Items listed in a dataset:

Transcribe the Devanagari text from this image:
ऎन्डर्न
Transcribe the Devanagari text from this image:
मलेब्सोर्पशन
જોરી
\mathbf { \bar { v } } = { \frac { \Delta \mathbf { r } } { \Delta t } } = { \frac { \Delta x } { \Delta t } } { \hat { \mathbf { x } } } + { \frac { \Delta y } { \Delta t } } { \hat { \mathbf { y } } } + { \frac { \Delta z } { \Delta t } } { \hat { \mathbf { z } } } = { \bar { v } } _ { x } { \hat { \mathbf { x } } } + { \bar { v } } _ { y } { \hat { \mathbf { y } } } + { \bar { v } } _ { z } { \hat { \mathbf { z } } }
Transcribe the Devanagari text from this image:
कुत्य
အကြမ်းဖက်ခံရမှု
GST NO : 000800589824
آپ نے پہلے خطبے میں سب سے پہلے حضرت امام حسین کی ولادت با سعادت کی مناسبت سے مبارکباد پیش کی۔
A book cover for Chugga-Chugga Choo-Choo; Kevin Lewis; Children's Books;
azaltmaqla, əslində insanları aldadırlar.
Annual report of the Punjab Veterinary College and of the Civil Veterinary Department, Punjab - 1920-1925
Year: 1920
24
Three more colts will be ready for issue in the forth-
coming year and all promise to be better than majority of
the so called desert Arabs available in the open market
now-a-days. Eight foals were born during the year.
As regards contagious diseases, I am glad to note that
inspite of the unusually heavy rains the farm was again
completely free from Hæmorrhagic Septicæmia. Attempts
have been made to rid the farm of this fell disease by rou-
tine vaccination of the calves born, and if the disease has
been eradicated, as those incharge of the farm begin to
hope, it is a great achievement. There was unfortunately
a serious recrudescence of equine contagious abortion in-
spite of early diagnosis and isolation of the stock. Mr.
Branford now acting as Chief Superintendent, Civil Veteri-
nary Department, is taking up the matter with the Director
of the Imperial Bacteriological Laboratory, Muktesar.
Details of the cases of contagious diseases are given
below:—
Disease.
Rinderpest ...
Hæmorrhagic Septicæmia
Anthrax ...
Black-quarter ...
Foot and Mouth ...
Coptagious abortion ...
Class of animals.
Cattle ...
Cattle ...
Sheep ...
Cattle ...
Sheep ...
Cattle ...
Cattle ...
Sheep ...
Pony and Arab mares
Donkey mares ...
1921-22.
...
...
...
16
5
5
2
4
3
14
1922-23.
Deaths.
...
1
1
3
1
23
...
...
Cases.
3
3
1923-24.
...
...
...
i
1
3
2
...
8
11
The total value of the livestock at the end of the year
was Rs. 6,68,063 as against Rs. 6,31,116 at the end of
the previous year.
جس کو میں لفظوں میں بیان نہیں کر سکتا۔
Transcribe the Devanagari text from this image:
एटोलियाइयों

**PROBLEM TO SOLVE**
Read through the records above and copy the lines that contain "Department".

**OUTPUT OF THE TASK**
Annual report of the Punjab Veterinary College and of the Civil Veterinary Department, Punjab - 1920-1925
nary Department, is taking up the matter with the Director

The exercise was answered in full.